EXERCISE INSTRUCTIONS: Repeat the records verbatim and leave the pictures out of your copy.

EXERCISE DATA:
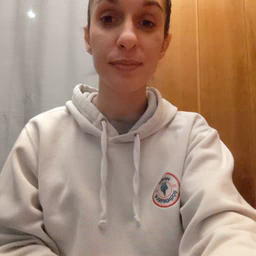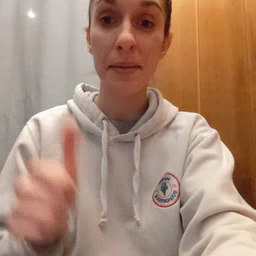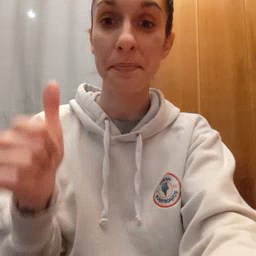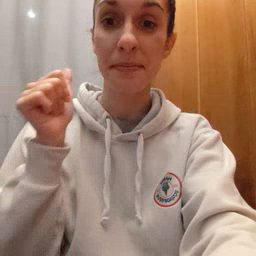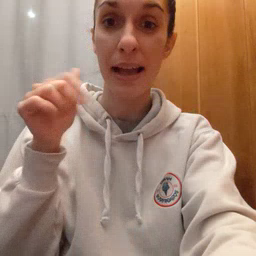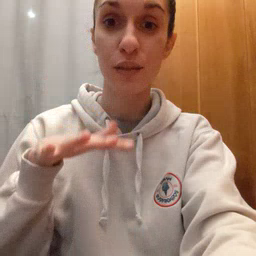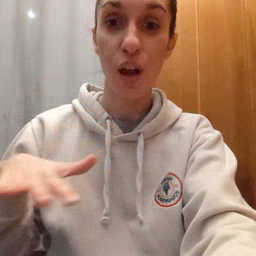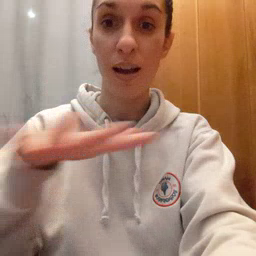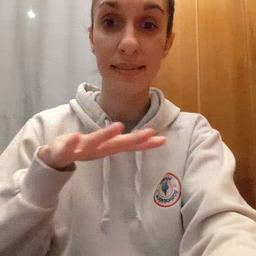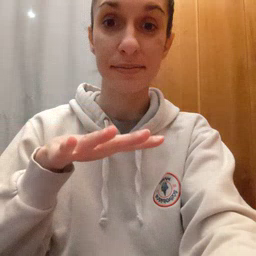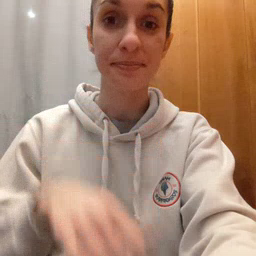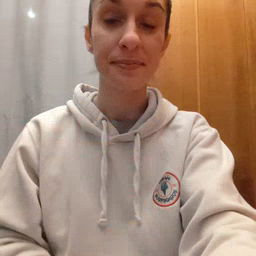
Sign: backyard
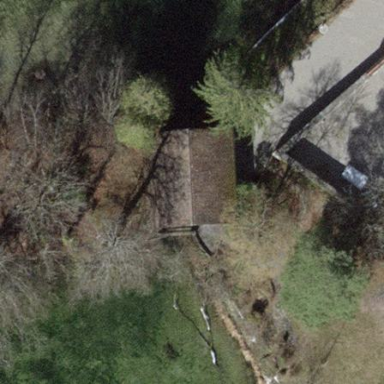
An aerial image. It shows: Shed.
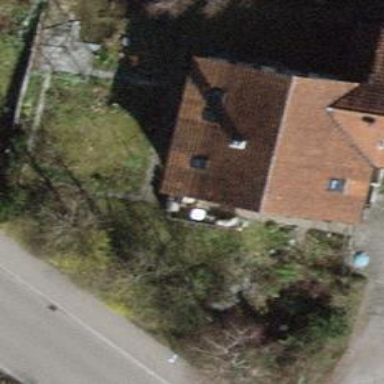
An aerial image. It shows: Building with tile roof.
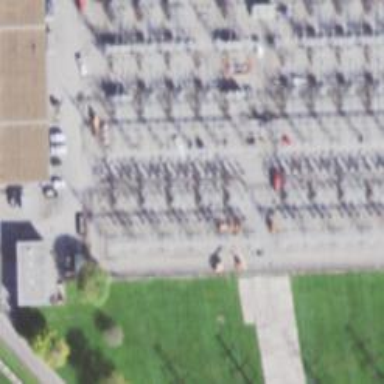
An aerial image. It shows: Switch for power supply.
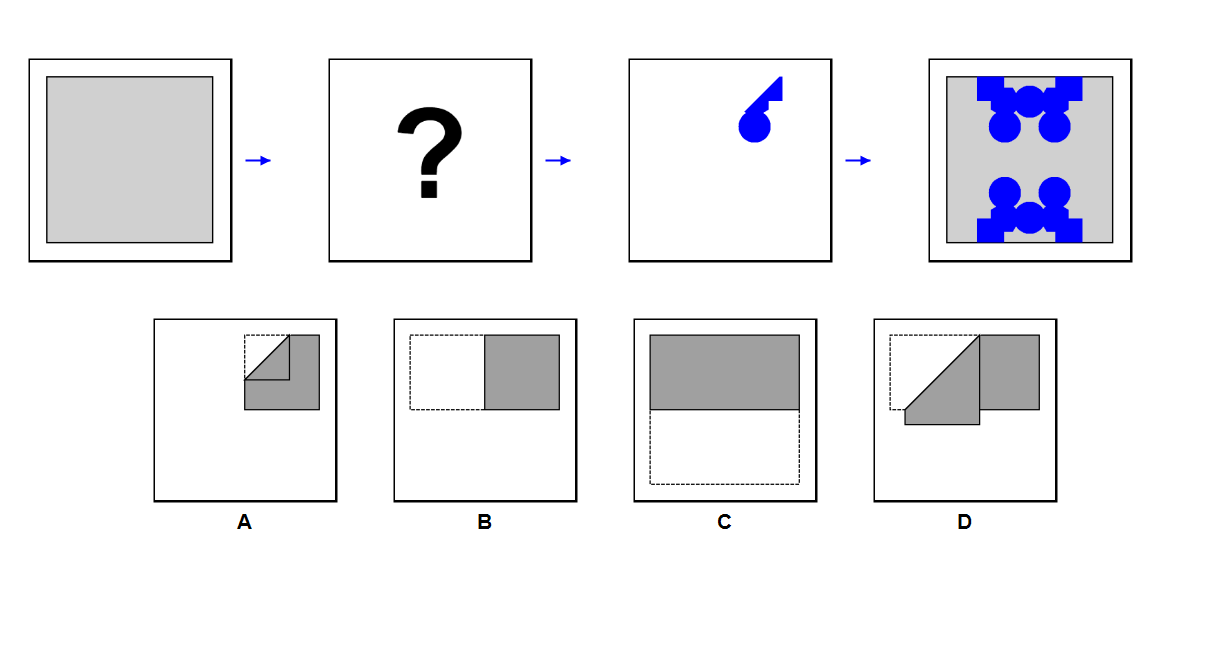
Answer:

RESPONSE:
Sign: backyard
An aerial image. It shows: Shed.
An aerial image. It shows: Building with tile roof.
An aerial image. It shows: Switch for power supply.
Answer:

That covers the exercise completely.